Equally, it was clear by the time of the general election that both the figures and more fundamentally the approach of A Framework for Expansion had been by-passed by events. There was no way that a programme of universal nursery education was affordable. Schools would have to make do with leaky roofs for many more years, until declining pupil numbers and school closures allowed resources to be better used. The Robbins Report principle — that ‘courses of higher education should be available for all those qualified by ability and attainment to pursue them’ (paragraph 31) — would have to take second place to the demands of financial stringency.

However frustrating it was to watch the shrinkage of my cherished plans and programmes, I can now see that it was unavoidable. And it may have had the side effect of forcing us to think creatively about how to get the best value from our suddenly limited resources. In the economic sphere, the crises of 1973 to 1976 led to a deep scepticism about the value of Keynesian demand management and to a new appreciation of the classical liberal economic approach of balanced budgets, low taxes and free markets. Similarly, in education and in other areas of social policy too, the realization that remedies must be found other than increased public expenditure opened up a whole new world. Fundamental questions began to be asked about whether the education system in its present form could deliver the results expected of it. Did it not in practice largely exist for the benefit of those who ran it, rather than those who received it? Was the state — whether the DES or local education authorities — doing too much, rather than too little? What did the — often superior — results of other countries’ education systems and methods have to teach us? It was becoming necessary to rethink these policies; and we were shortly to be granted plenty of time to think.

CHAPTER VII

No End of a Lesson

The Heath Government 1970–1974

GLAD CONFIDENT MORNING

Shortly before 11 o’clock on Tuesday 23 June 1970 my new ministerial car dropped me in Downing Street, where with other colleagues I ran the gauntlet of press and television outside No. 10. The hubbub in the ante- room was of enthusiasm and laughter. There was a spring in our step as we filed into the Cabinet Room where Ted Heath, with the Cabinet Secretary Sir Burke Trend beside him, awaited us. I found my place at the Cabinet table, but my mind was at least as much on the department[21] as on the large strategic issues before the Government. As I shall explain, it remained there — perhaps excessively so. But I felt an exhilaration which was prompted by more than the fact that this was my first ever Cabinet meeting: I felt, as I suspect we all did, that this was a decisive moment in the life of the country.

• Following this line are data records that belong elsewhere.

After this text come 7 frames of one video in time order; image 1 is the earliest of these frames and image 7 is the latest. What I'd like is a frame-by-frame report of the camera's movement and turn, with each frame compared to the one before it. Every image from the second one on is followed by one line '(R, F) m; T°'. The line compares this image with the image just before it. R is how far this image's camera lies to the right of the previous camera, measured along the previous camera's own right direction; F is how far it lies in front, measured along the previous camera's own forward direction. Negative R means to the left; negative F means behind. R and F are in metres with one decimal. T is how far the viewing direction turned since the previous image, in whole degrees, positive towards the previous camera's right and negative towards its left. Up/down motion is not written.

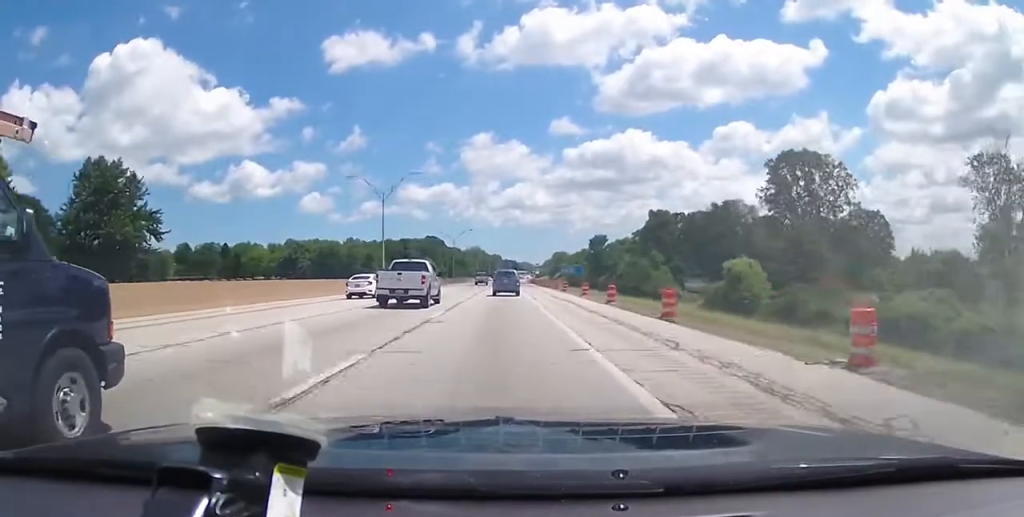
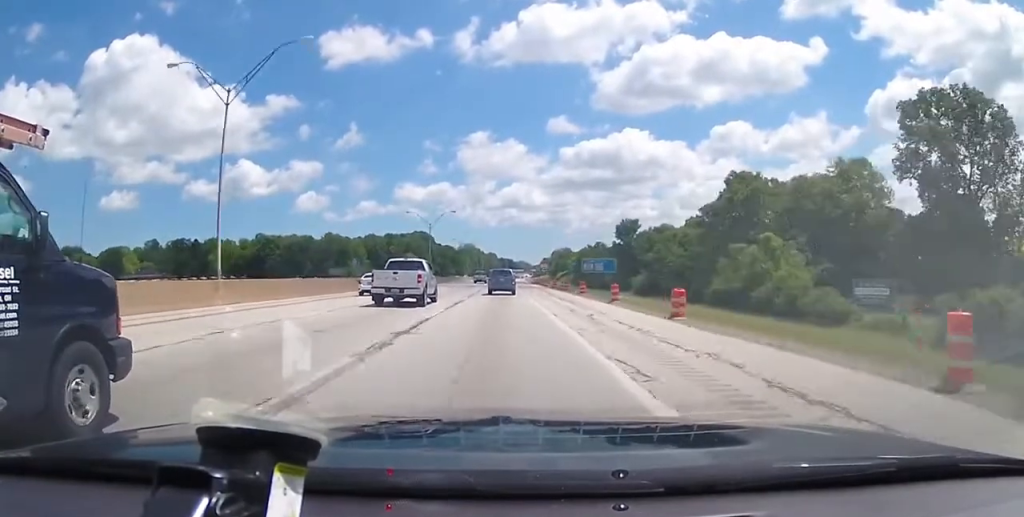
(+0.1, +36.6) m; +1°
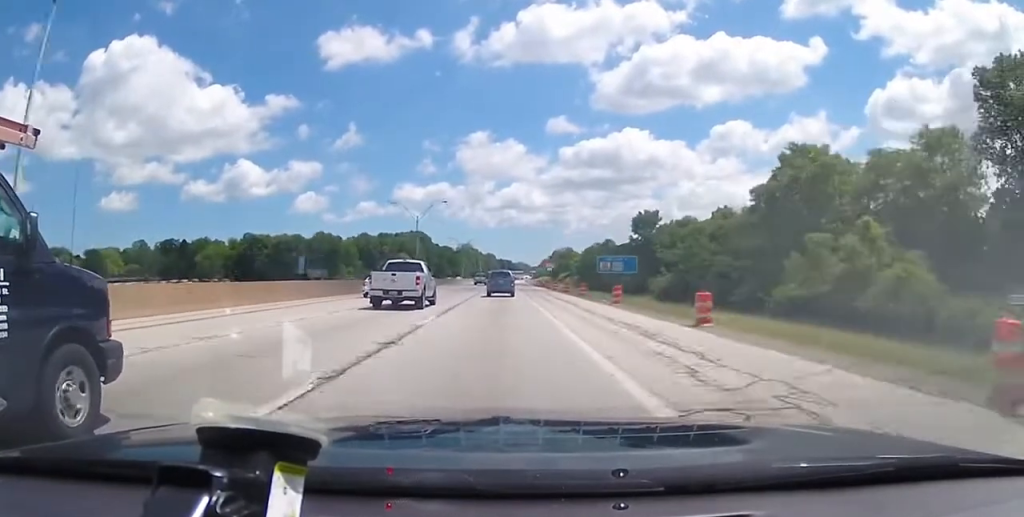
(+0.1, +13.5) m; 0°
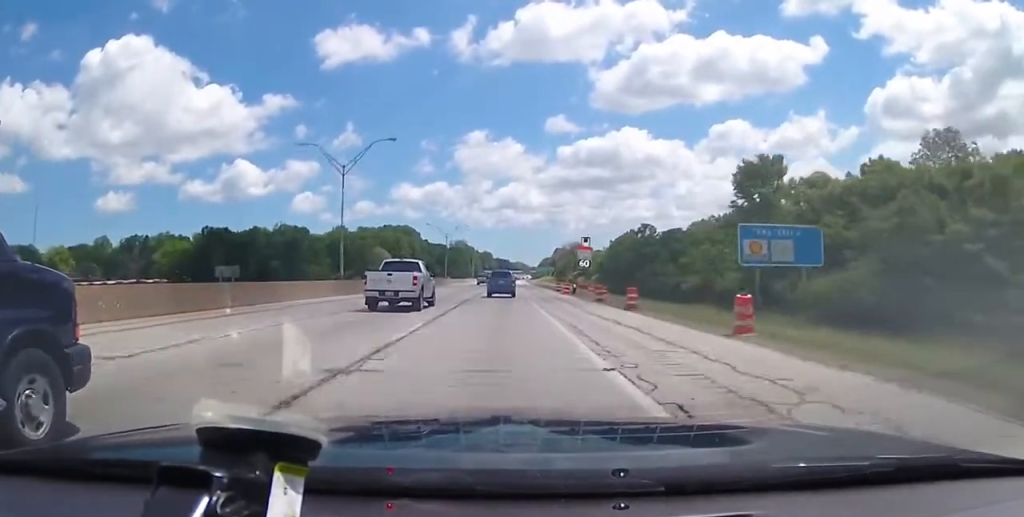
(-0.2, +39.6) m; 0°
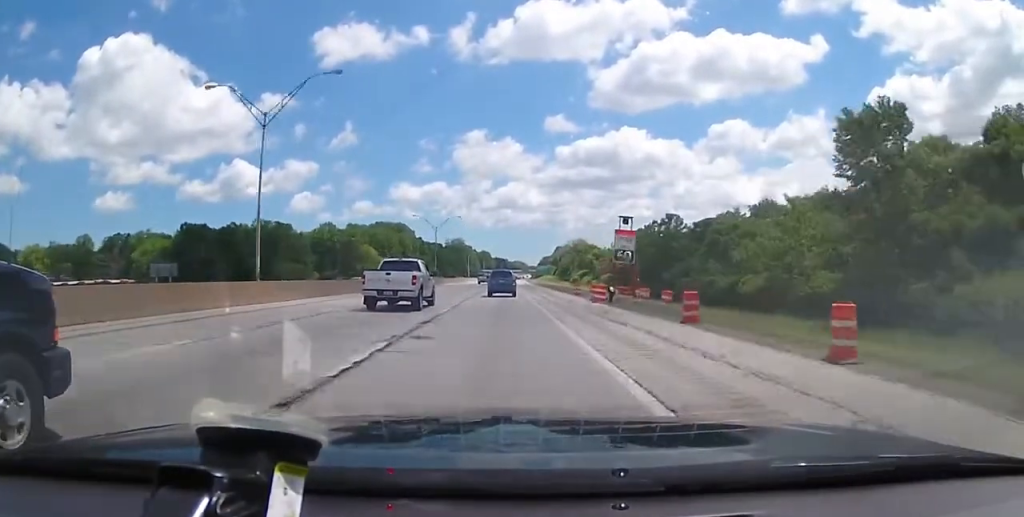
(+0.1, +16.6) m; 0°
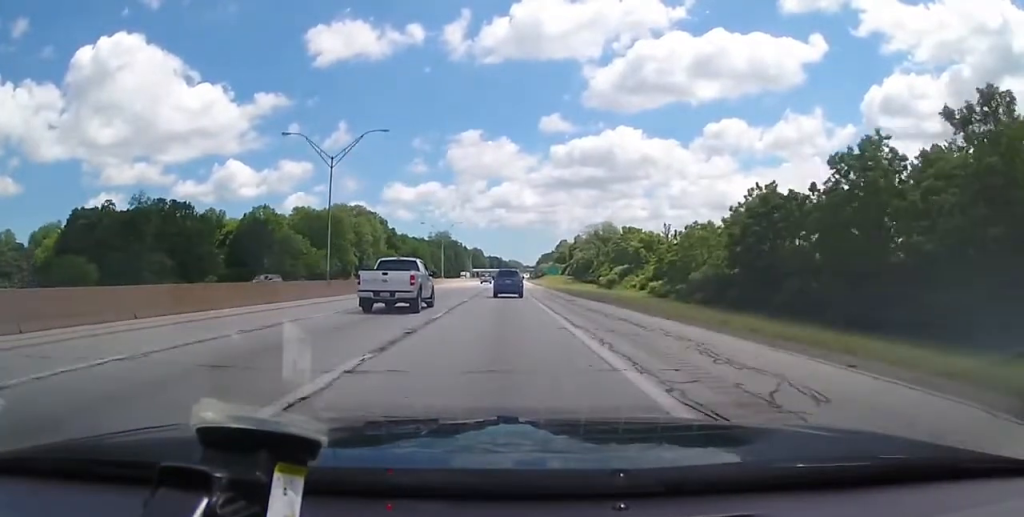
(+0.2, +63.4) m; +1°
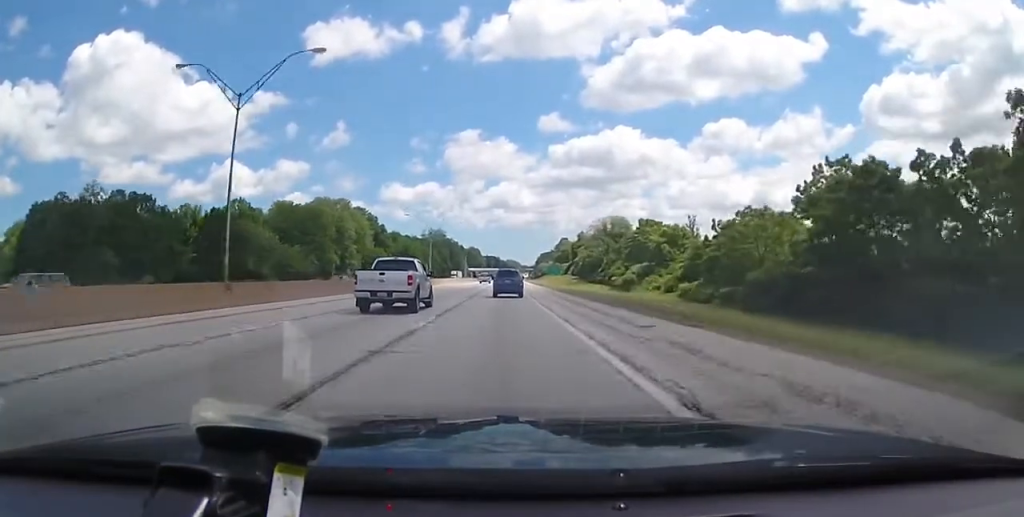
(0.0, +16.4) m; 0°
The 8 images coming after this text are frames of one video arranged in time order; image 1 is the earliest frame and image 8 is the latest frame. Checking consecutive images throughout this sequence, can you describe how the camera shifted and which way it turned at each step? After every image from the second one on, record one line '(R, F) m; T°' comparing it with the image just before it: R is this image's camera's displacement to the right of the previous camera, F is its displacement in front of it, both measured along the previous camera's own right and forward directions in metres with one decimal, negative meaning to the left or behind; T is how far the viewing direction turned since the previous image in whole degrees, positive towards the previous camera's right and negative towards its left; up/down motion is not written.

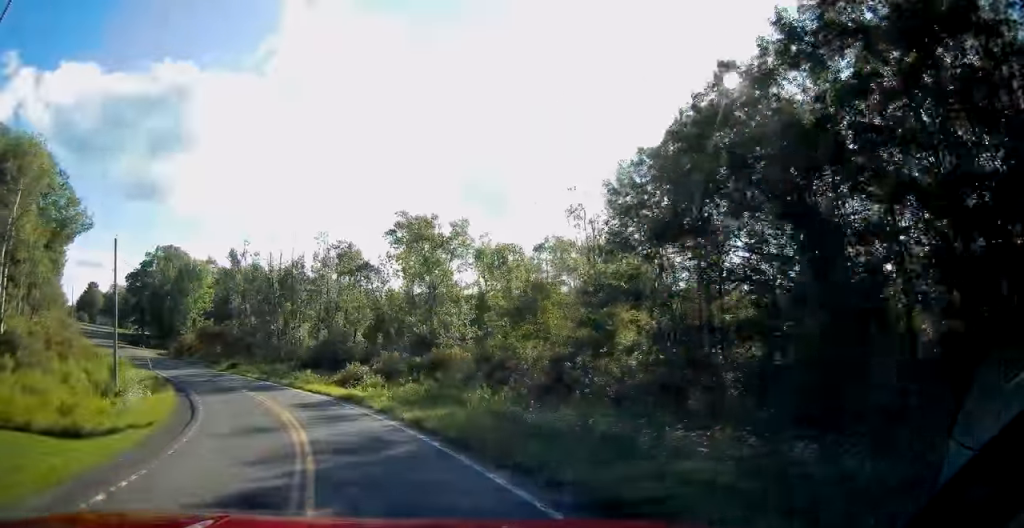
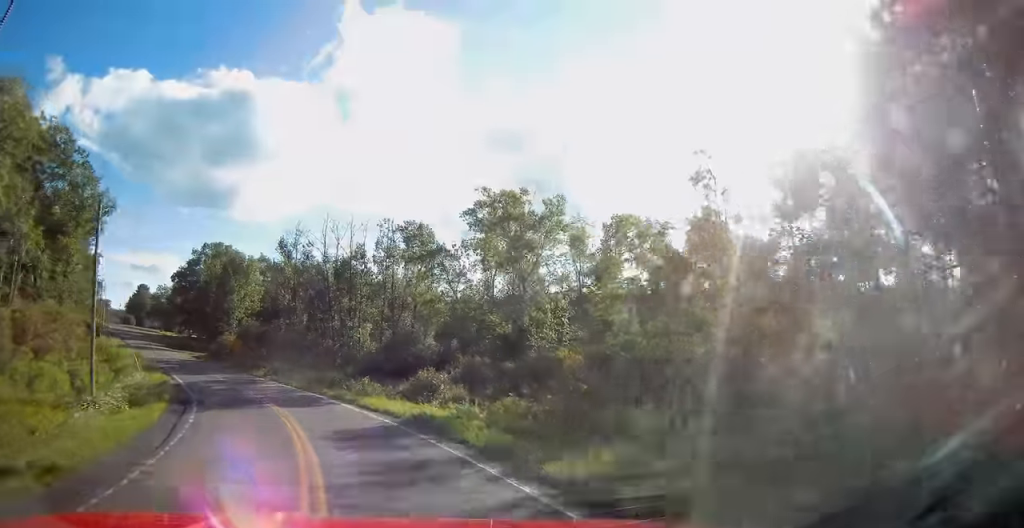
(-0.1, +9.7) m; -4°
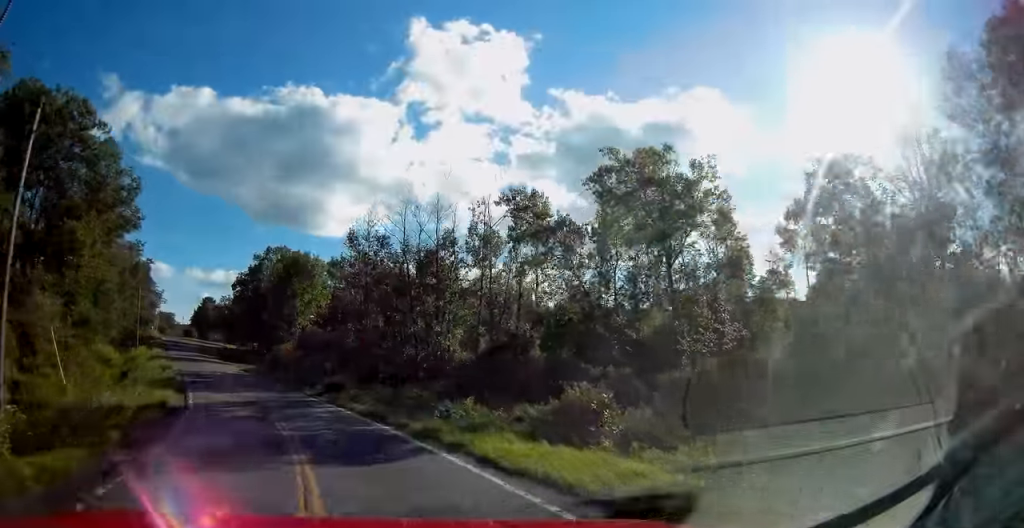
(-0.5, +11.2) m; -7°
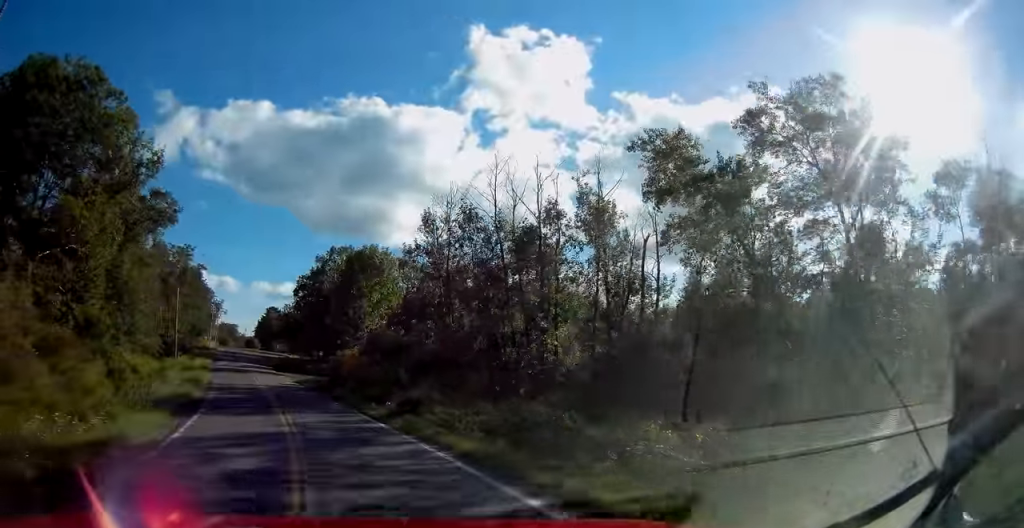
(-0.7, +9.5) m; -7°
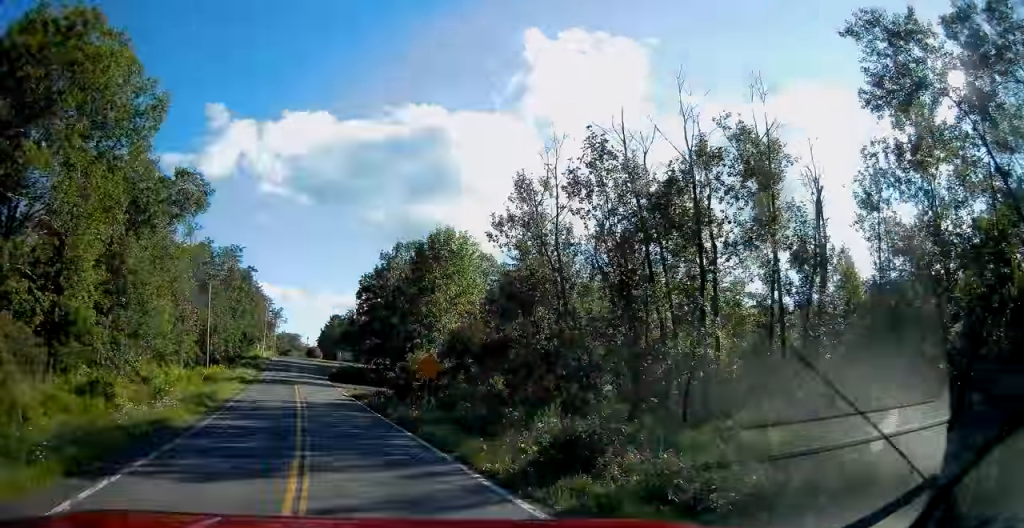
(-0.3, +10.8) m; -9°
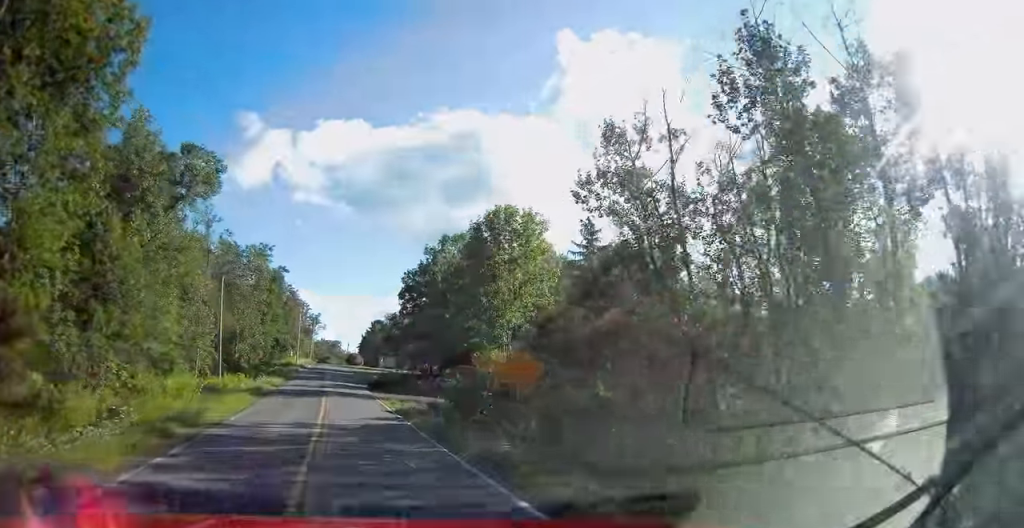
(-1.0, +8.8) m; -8°
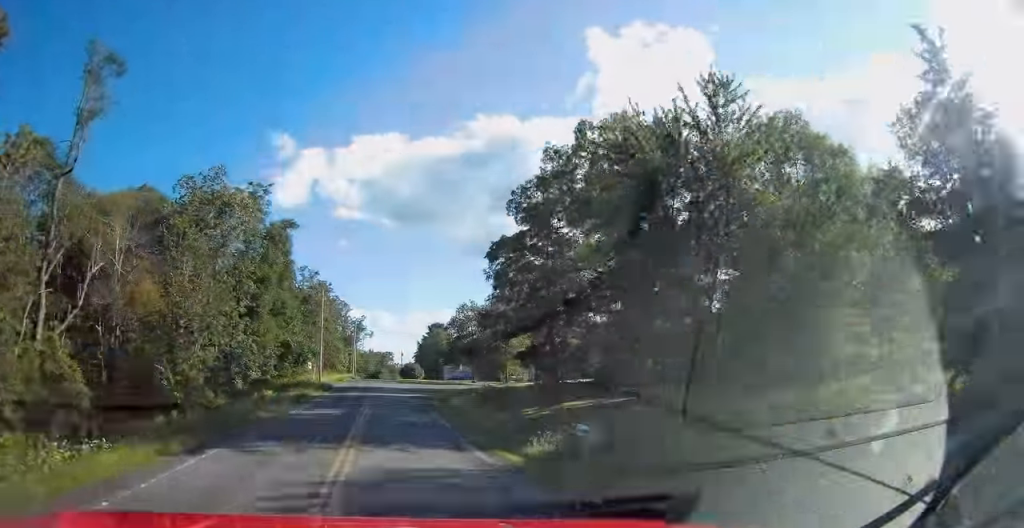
(-4.1, +40.6) m; -4°
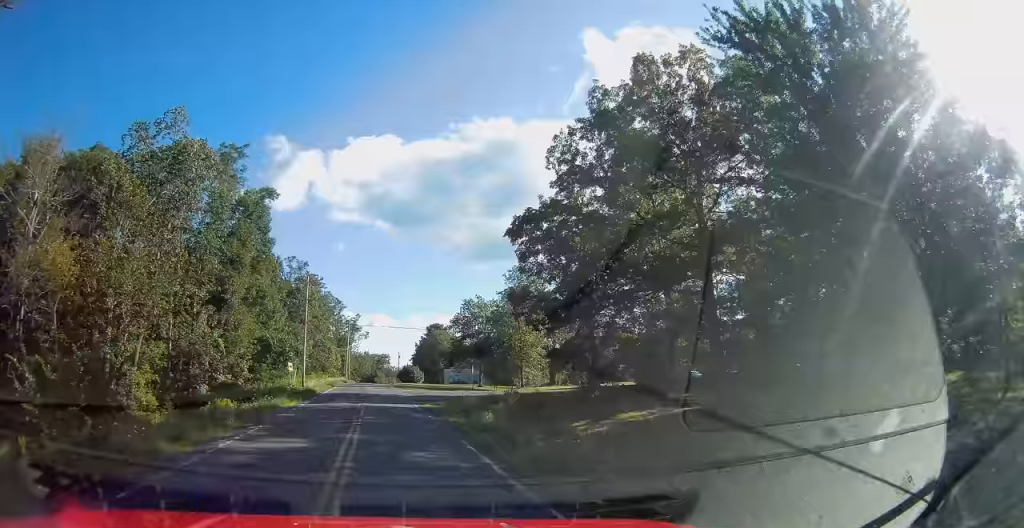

It was an impression which Ted himself did everything to justify. Speaking with the same intensity which had suffused his introduction to the manifesto on which we had just fought the election, he announced his intention of establishing a new style of administration and a fresh approach to the conduct of public business. The emphasis was to be upon deliberation and the avoidance of hasty or precipitate reactions. There was to be a clean break and a fresh start and new brooms galore.

The tone was just what we would all have expected from Ted. He had a great belief in the capacity of open-minded politicians to resolve fundamental problems if the processes and structures of government were right and advice of the right technical quality was available and properly used. This was the approach which would lie behind the decision that autumn to set up the Central Policy Review Staff under Victor Rothschild, to reconstruct the machinery of government on more ‘rational’ lines (including the setting up of the mammoth Department of the Environment) and the establishment of the PAR system. More generally, it inspired what turned out to be an excessive confidence in the Government’s ability to shape and control events.

Inevitably, this account contains a large measure of hindsight. I was not a member of the key Economic Policy Committee (EPC) of the Cabinet, though I would sometimes attend if teachers’ pay or spending on schools was an issue. More frequently, I attended Terence Higgins’s sub-committee on pay when the full rigours of a detailed statutory prices and incomes policy — the policy our manifesto pledged us to avoid — were applied, and made some contributions there. And, naturally, I was not a member of Ted’s inner circle where most of the big decisions originated. The role of the Cabinet itself was generally of reduced importance after the first year of the Heath Government until its very end. The full account of these years will, therefore, have to await Ted Heath’s own memoirs.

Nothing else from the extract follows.